Ruby vs. Python comes down to the for loop (2021)

High-level views on Ruby vs Python

  • Many say the article overstates “for loop” differences; real gaps span imports, blocks, subclassing, chaining, metaprogramming, and philosophy.
  • Some see Ruby as extremely pleasant to write and highly productive; others prefer Python for readability, ubiquity, and its role as “better Perl/BASIC” and teaching language.
  • Several argue language choice mostly affects developer happiness; both are close enough that switching is feasible.

Rails, productivity, and alternatives

  • Strong praise for Rails as the default choice for early-stage SaaS: “use Rails unless there’s a very specific reason not to.”
  • Counterpoint: many new startups, especially YC-style, seem to choose full‑stack JavaScript instead.
  • Some insist Rails performance is generally fine; bottlenecks are usually database or architecture.
  • Before writing custom apps, multiple commenters advocate WordPress, spreadsheets, or vendors—anything that avoids bespoke code—though others warn about WordPress maintenance and security, preferring static sites plus simple workflows.

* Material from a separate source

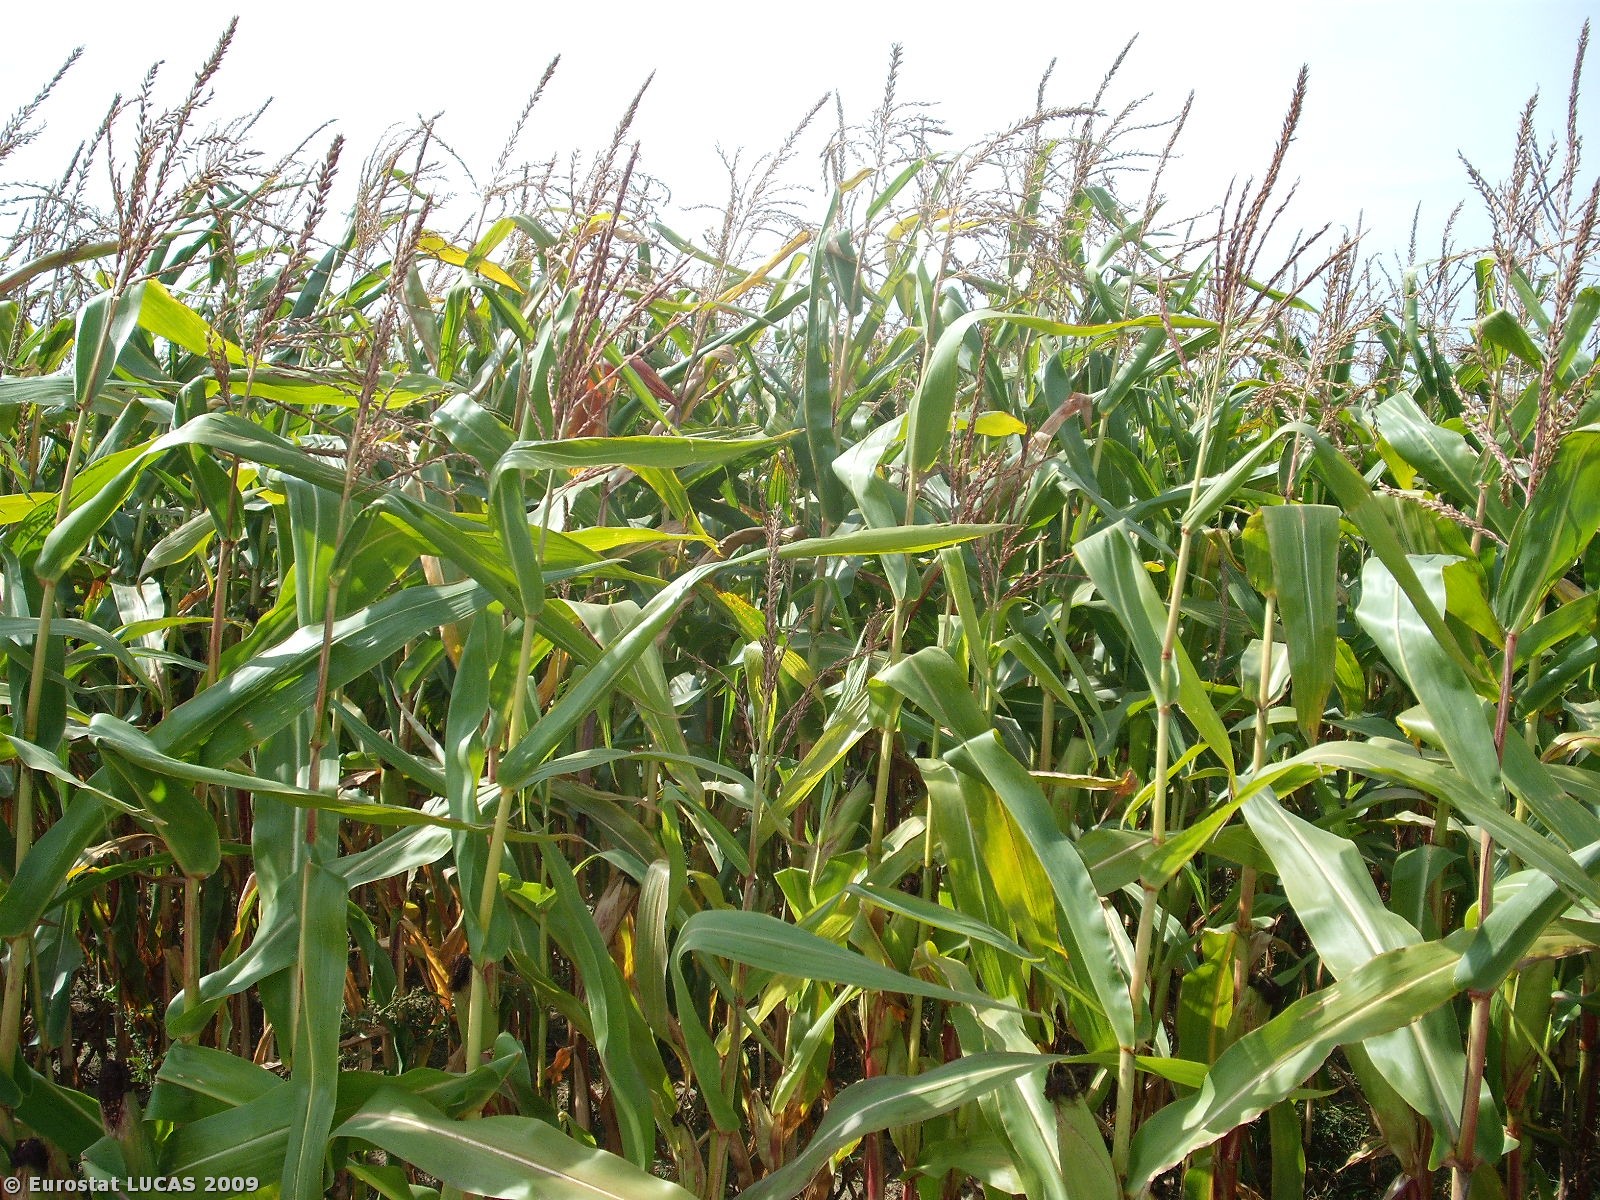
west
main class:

Async, performance, and implementations

  • One person prefers Python specifically for asyncio; others say Ruby’s async story is comparable and avoids “function coloring,” so asyncio is not a decisive advantage.
  • Python’s performance is criticized as pushing real workloads into C/C++/Fortran extensions; hope is pinned on upcoming JIT work.
  • Ruby is acknowledged as historically slow but improving (e.g., YJIT, alternative VMs like TruffleRuby); many value developer satisfaction over raw speed.

Ecosystem gaps: GUI, NLP, data/ML

  • For GUI work, both Ruby and Python are described as mediocre; using the platform’s primary language or JS/C++‑backed toolkits is recommended.
  • Ruby GUI options like Glimmer and faster runtimes are mentioned, but not widely validated in the thread.
  • Ruby NLP libraries exist but often appear unmaintained; consensus is that Python is the stronger choice for NLP, data science, and ML.

Language design, syntax, and readability

  • Ruby: praised for “everything is an expression,” Enumerable, blocks, chainable collection methods, and Smalltalk‑inspired control flow.
  • Critiques: noisy end delimiters, complex grammar (especially around interpolation), and heavy metaprogramming that can devolve into “magical” code and technical debt.
  • Python: praised as closer to pseudocode, with indentation‑based blocks improving visual clarity.
  • Critiques: inconsistent design (e.g., global sorted() vs list .sort() returning None, free functions vs methods), clunky syntax in places, and evolving “by fashion.”

Iteration, for-loops, and collection APIs

  • Multiple Rubyists say they almost never use for; idiomatic Ruby uses each, map, select, etc., often via Enumerable after defining each.
  • Python has parallel mechanisms (yield, __iter__, collections.abc), and commenters note the article’s “Stuff” examples are unidiomatic in both languages.
  • Some propose that list comprehensions and limited lambdas in Python would have been a more meaningful contrast than for.

Typing, tooling, and maintainability

  • Python: type hints plus tools like Pyright/Pylance are seen as surprisingly effective, improving catchability of mistakes like my_list.sort() assignments.
  • Ruby: Sorbet is praised where used (e.g., for LSP support and method reference finding) but criticized for weak generics and limited adoption; many large codebases remain dynamically typed.
  • Several complain that Ruby’s dynamic features (runtime method creation, method_missing, Rails conventions) hurt grepability and newcomers’ understanding; others argue teams should restrict such patterns via linters and code review.

Numerics and beginner expectations

  • Debate around 1/2 behavior: Ruby returns 0 (integer division), Python 3 returns 0.5 (float), Python 2 used to match Ruby.
  • One side argues languages should match everyday math intuition, especially for novices and scientists; the other side defends integer division as conventional in many languages and stresses that all programmers must eventually learn about integer and floating‑point subtleties.